An economics, investment, trading and policy blog with a focus on Modern Monetary Theory (MMT). We seek the truth, avoid the mainstream and are virulently anti-neoliberalism.
Tuesday, April 5, 2011
White House rejects GOP's one-week stopgap funding measure
Is Obama finally starting to grow a backbone?
The White House rejected a one-week stopgap spending measure that would have included an additional $12 billion in cuts, bringing the total amount of cuts up to $22 billion if passed.
The president has thrown down the gauntlet it appears. Now the likelihood of a government shutdown is very high.
What gets affected in the case of a government shutdown? All non-essential services are cut. In addition, government workers not deemed “essential” are furloughed while essential employees (members of Congress, uniformed military personnel and federal employees working in areas of national security and law enforcement are deemed essential) continue to work in a non-pay status.

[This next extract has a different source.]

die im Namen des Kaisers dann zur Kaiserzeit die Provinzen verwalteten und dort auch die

National parks and museums close, visa and passport applications are halted, veterans’ benefits cease and so do payments to federal contractors.

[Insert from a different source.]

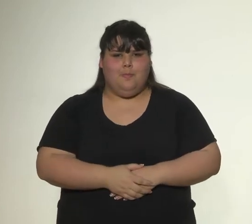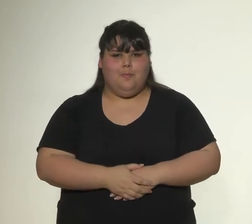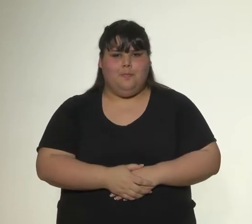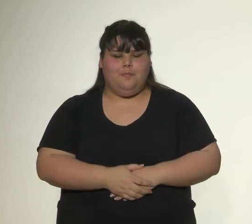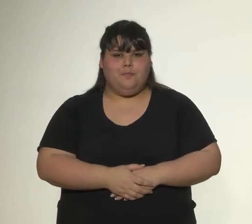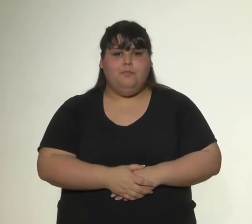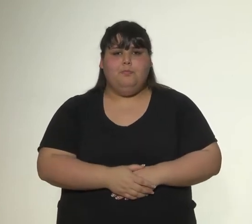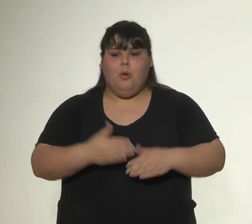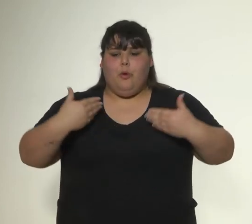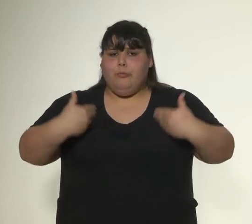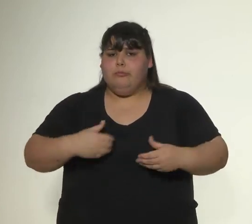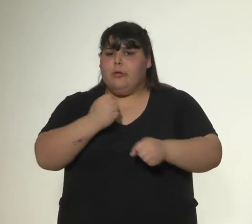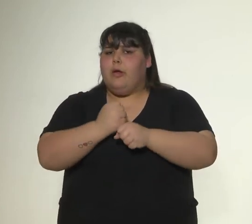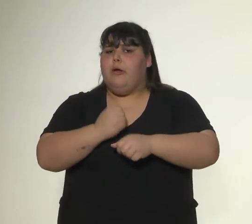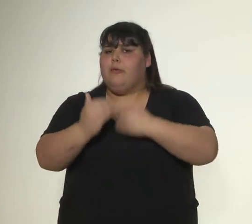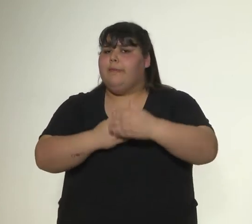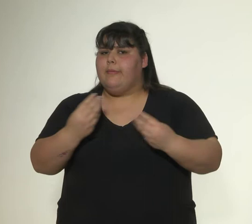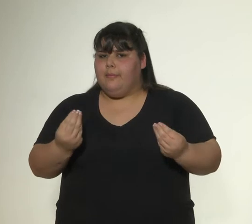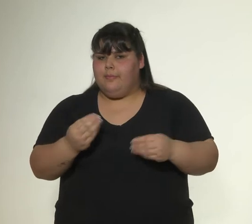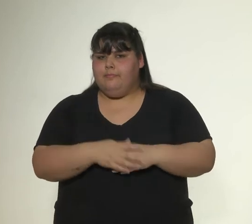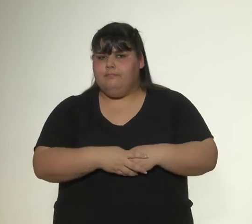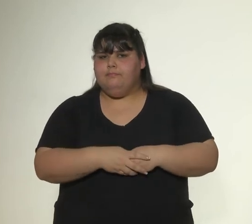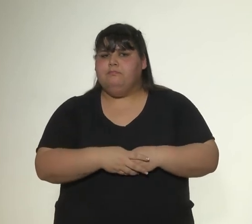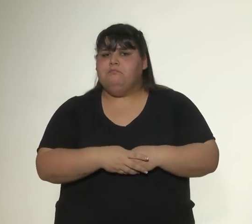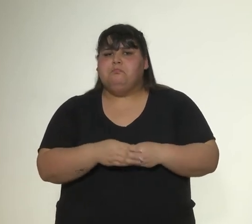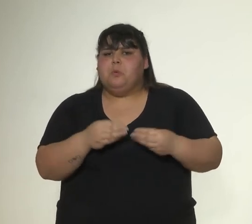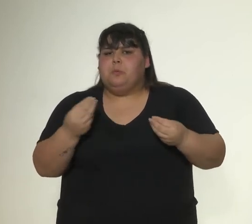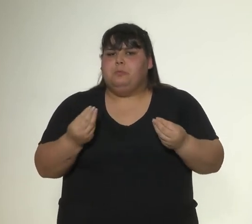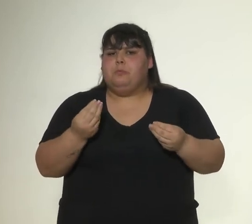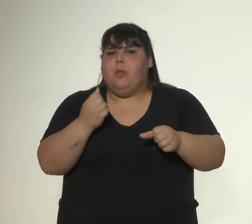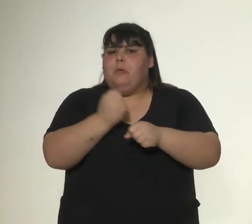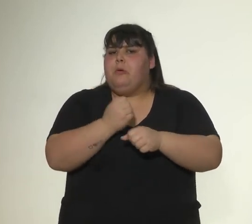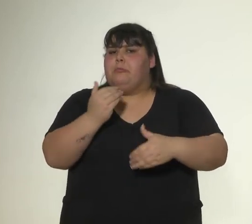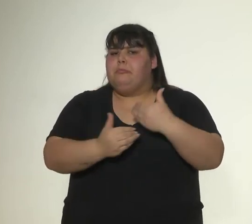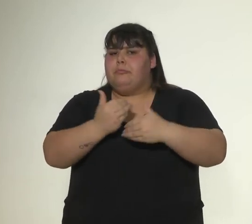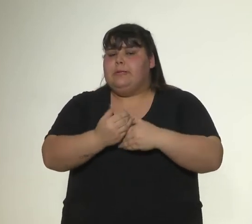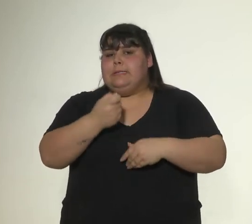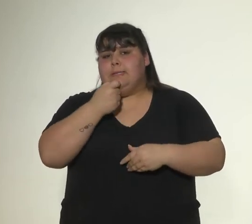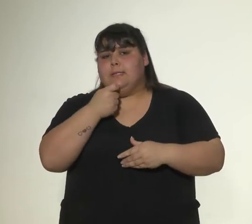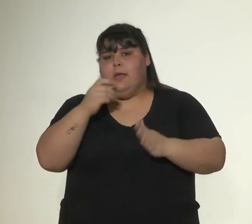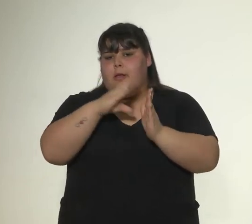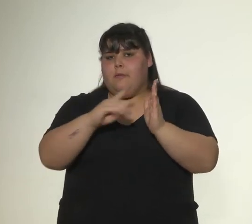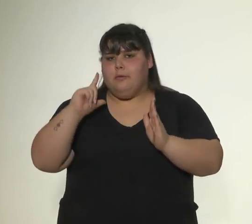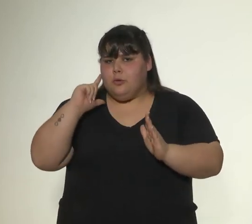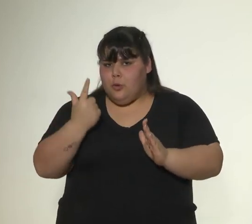Funciones. ¿Cuáles serían las funciones a desarrollar como referente? Ejemplo,

There have been shutdowns in the past. Most recently we saw shutdowns in 1995 and 1996. These did not cause major disruptions, but the situation was decidedly different back then as Congress had already appropriated funds to meet spending needs prior to those shutdowns. In the current case, there are no appropriations after April 8.
In addition, the unemployment rate was 5.5 percent in 1996 compared to today’s 8.8 percent level. The economy’s ability to weather a hit to demand is much more questionable now than it was then. Many business leaders agree. Verizon CEO Ivan Seidenberg, who is also the Chairman of the Business Roundtable, said that a government shutdown would do “serious damage” to the economy.